The ship has bunks for 10, but originally carried 20 men.  As one man’s shift would end, he would climb into the warm bunk of the man replacing him on watch topside. 


When I got to the cargo hold, Russ explained that when the ship was first built and was being used as a trading ship, the hold would have been filled with beaver pelts going to Europe to be used for men’s hats. 


Back on deck, I asked Jim and Russ if any of them ever has to climb to the top of the mast.  They said a few of them do – on a ship that originally was powered only by the wind, sails have to be adjusted, and for that you have to go up.  It made me dizzy just looking up there.




Second simple decision.  I gave Jim (two Jims on the ship) my blog card as we were leaving and promised that the story of the Welcome would be online Monday.

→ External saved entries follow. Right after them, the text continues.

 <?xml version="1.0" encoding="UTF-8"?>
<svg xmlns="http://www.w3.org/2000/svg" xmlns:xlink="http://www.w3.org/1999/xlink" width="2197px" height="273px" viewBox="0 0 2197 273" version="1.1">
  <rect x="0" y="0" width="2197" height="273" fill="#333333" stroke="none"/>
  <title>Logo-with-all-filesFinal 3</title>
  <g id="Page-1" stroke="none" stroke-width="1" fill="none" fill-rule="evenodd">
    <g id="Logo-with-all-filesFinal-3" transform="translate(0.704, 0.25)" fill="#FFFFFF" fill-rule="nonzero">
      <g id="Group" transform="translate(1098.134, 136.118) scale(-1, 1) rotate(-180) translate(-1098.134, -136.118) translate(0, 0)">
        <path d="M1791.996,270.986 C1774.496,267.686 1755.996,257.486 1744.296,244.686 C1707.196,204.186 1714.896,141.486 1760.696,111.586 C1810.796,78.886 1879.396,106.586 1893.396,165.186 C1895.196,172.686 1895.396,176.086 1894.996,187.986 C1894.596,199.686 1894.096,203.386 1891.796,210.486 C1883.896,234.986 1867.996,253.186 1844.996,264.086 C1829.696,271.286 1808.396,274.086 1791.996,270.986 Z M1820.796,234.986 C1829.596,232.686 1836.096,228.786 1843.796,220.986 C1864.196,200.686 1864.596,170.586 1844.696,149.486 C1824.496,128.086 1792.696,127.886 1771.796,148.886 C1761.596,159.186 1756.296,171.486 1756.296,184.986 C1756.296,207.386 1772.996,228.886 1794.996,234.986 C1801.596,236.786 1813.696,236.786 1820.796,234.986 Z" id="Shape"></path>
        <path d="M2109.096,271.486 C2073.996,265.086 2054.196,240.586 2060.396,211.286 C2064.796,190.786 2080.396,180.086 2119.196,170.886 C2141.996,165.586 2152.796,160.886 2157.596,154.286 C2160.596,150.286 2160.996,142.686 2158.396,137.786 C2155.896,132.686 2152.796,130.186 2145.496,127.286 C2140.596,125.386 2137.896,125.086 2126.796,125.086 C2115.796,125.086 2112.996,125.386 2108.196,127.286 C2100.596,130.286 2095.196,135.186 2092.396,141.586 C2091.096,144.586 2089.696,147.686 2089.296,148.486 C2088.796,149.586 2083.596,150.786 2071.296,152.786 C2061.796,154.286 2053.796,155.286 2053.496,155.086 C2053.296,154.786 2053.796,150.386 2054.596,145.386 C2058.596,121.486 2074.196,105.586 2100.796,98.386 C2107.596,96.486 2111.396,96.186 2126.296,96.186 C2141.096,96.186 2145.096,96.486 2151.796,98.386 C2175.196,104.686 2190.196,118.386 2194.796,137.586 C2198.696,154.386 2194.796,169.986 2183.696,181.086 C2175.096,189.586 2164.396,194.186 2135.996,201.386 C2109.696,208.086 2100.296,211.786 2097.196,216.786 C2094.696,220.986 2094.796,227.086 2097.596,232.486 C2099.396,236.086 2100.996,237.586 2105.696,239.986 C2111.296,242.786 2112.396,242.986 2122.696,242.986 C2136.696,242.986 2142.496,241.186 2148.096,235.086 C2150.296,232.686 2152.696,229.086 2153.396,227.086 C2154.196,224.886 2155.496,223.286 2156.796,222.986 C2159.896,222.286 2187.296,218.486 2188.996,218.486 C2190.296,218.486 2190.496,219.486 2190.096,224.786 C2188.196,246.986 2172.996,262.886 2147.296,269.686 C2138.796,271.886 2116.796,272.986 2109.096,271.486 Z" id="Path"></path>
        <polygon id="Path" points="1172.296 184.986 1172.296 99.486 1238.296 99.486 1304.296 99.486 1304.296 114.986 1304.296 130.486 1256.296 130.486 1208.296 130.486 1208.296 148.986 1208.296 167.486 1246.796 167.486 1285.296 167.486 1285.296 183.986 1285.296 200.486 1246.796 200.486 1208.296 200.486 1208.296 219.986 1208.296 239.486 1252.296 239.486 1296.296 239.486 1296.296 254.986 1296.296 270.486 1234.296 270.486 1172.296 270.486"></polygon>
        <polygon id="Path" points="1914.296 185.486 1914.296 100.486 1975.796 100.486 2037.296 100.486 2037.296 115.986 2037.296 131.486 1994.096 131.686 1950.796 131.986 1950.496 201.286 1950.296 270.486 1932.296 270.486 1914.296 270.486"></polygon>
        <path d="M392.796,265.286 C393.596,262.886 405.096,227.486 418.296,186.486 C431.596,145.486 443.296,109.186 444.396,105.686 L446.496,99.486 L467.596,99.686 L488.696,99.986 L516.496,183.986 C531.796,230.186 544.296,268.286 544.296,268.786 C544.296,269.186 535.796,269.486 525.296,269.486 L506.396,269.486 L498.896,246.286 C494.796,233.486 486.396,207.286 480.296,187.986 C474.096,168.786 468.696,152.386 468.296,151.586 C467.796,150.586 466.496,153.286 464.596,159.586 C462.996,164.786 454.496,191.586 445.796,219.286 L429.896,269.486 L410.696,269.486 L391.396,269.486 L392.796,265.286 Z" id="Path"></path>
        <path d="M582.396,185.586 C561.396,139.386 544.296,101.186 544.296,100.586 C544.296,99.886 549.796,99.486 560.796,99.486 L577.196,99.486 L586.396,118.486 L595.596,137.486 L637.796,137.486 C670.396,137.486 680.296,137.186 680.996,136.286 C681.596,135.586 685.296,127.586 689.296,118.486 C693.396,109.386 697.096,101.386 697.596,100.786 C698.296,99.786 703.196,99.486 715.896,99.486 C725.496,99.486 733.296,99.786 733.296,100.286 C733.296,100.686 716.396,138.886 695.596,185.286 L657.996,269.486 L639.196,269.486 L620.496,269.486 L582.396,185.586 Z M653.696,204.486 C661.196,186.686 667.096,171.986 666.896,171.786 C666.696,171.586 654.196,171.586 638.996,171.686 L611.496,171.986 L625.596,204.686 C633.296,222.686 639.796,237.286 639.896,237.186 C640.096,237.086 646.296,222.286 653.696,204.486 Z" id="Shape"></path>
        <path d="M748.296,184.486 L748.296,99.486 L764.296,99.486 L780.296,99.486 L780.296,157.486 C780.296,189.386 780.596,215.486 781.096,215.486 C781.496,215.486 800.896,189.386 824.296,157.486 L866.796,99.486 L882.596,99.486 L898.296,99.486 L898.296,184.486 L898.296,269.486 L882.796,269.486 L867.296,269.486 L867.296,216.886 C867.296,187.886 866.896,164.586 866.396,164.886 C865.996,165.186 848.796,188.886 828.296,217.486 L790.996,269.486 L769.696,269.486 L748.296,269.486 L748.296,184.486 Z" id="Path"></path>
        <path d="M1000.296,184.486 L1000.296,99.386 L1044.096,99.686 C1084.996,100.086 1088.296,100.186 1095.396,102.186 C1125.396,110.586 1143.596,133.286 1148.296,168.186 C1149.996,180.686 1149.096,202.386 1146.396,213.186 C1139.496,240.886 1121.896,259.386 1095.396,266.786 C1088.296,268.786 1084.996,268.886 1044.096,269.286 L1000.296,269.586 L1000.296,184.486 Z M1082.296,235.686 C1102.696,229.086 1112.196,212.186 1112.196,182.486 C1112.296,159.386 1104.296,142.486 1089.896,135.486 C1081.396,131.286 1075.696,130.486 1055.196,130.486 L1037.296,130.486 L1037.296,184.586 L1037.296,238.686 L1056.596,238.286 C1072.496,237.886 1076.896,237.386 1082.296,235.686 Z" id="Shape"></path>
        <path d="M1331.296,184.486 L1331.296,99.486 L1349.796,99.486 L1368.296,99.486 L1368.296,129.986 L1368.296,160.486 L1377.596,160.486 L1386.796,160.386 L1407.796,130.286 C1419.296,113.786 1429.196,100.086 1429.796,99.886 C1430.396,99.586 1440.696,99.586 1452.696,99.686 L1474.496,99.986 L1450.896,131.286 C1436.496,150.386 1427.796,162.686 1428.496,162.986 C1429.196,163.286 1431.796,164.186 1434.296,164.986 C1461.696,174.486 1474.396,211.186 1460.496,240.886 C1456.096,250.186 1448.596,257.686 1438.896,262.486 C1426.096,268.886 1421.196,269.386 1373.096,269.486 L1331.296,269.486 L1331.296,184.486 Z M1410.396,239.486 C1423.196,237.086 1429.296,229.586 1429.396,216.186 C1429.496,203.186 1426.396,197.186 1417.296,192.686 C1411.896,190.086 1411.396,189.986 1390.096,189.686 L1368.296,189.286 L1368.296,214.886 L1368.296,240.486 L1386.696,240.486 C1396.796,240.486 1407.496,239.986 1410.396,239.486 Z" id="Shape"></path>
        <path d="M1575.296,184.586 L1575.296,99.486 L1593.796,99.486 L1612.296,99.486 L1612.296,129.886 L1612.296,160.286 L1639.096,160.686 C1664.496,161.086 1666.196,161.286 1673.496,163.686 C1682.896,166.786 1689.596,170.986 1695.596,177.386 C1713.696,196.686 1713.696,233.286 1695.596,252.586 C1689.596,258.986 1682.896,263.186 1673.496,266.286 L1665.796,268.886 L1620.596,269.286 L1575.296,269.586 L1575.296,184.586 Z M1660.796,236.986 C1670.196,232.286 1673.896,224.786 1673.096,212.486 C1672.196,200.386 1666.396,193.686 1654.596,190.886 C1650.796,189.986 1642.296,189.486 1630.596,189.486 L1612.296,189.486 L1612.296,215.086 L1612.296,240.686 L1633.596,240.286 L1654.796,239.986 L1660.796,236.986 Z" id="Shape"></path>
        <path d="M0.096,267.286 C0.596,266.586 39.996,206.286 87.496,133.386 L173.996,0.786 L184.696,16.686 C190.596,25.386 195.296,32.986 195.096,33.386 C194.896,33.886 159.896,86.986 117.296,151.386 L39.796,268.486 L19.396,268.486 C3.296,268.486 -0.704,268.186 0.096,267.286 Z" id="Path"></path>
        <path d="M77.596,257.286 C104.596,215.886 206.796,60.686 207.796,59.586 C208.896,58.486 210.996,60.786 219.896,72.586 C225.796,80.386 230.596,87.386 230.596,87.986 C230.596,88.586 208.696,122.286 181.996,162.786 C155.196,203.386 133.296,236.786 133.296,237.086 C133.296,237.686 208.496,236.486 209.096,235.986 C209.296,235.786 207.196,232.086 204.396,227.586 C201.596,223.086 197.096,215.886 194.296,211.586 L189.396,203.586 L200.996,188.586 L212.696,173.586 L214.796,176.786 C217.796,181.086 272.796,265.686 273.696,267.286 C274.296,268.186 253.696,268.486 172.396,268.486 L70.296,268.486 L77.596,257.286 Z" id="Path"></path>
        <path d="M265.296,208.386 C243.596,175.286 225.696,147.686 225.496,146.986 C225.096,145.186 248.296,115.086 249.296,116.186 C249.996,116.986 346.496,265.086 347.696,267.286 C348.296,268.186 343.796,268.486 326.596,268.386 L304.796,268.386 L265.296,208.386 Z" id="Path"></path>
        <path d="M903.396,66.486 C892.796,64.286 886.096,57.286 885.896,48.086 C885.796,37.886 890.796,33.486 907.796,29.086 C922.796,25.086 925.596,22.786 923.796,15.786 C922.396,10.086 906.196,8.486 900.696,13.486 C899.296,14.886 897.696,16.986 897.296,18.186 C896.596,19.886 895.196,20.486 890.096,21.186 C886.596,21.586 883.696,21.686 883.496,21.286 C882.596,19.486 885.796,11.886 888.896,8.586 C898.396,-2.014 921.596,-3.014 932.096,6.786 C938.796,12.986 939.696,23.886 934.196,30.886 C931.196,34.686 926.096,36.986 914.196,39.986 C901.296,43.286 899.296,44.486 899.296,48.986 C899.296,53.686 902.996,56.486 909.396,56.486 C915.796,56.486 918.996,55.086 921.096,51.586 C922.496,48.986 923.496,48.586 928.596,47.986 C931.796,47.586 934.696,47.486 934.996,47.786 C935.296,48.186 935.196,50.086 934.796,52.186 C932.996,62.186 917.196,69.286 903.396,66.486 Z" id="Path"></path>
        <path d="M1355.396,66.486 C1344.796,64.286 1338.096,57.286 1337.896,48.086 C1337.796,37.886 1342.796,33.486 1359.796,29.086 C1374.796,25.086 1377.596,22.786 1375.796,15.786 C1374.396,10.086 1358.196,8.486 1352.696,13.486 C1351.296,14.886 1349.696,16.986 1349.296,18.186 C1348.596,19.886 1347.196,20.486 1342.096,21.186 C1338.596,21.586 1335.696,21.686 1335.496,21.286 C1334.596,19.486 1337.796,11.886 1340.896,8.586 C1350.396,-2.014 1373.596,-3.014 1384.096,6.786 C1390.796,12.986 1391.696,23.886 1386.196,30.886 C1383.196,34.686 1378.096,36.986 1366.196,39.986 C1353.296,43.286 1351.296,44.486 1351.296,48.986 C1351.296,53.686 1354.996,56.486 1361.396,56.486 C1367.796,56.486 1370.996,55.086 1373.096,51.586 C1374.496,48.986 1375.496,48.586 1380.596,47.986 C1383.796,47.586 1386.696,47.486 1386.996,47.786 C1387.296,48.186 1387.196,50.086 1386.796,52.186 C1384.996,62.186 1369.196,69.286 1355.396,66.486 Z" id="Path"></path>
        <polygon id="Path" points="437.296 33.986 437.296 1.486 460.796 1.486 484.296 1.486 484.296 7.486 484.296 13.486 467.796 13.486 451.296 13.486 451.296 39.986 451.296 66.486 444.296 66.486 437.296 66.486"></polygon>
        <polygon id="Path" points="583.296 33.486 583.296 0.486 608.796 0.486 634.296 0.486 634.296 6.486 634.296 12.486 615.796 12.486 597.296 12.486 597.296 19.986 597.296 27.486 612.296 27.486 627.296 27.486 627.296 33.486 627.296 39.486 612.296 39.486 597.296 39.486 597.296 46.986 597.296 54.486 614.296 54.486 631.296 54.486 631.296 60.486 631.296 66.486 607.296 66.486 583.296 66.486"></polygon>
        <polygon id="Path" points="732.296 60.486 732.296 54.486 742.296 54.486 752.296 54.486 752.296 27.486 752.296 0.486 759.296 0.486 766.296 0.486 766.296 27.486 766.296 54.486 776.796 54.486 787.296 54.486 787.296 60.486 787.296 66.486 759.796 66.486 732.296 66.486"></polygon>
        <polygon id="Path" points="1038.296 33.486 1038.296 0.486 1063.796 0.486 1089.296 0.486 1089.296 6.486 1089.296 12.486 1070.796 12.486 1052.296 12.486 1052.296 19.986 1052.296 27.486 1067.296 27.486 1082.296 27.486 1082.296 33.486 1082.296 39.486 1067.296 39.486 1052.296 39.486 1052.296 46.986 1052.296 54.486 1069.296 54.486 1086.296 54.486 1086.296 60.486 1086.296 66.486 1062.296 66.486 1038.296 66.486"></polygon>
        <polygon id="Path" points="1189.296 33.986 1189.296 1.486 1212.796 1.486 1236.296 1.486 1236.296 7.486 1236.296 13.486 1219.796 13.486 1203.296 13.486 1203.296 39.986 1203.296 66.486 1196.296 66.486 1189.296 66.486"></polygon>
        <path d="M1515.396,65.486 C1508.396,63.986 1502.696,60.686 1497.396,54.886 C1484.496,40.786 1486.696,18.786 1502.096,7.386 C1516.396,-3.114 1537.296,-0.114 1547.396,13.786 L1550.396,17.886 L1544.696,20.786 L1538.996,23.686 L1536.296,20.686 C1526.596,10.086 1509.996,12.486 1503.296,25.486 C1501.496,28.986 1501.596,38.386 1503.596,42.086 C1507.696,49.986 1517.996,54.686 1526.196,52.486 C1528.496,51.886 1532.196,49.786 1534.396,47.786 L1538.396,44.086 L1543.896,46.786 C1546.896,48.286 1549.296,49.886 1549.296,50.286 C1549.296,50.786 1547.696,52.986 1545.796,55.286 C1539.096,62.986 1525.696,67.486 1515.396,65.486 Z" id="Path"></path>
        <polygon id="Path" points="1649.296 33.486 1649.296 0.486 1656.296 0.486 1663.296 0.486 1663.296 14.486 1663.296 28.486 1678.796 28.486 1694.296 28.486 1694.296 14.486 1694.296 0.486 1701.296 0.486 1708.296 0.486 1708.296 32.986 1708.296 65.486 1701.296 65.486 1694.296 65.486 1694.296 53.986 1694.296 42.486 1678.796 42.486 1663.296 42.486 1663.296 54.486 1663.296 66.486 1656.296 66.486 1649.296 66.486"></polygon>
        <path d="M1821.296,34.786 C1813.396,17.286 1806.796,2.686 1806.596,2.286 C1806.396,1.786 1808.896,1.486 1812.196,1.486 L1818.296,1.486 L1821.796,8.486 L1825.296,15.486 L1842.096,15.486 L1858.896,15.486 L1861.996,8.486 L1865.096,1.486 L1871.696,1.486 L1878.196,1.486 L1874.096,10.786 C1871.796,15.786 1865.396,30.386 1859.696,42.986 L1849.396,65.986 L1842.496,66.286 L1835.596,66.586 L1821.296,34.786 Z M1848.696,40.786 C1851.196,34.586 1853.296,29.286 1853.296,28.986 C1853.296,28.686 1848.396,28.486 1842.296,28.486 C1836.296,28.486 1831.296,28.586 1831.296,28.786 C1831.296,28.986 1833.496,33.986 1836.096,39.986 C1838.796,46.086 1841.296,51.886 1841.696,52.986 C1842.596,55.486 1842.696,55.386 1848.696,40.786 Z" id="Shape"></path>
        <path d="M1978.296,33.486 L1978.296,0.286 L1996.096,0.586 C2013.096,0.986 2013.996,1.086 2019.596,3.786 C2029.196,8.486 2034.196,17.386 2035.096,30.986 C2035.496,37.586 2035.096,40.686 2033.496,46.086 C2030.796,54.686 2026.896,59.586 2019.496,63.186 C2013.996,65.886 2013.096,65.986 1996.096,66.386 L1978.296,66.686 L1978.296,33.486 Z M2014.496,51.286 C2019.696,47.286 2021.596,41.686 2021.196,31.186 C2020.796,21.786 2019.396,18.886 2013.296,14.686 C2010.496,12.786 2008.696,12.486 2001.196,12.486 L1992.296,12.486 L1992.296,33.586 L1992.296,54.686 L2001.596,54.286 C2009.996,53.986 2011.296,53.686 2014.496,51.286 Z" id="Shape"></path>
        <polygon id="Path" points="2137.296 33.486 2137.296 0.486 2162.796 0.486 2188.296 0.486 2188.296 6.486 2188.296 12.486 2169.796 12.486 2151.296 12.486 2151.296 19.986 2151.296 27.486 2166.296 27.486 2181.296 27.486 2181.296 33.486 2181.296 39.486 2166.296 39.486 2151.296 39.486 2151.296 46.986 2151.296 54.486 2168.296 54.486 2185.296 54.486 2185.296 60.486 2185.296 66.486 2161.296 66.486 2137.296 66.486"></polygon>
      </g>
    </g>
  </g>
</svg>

Now what really great adventure could possibly come from those two simple decisions!  Tune in Tuesday morning!


One thought on “Simple Decisions = Big Adventure 7/27/09

  1. I’m glad you are finally taking advantage of “blog cards” to make info transfer easier. I could have done that, you know.

    Blake looks well and I can hardly wait for Tue. Bet I know what it is and it involves movement.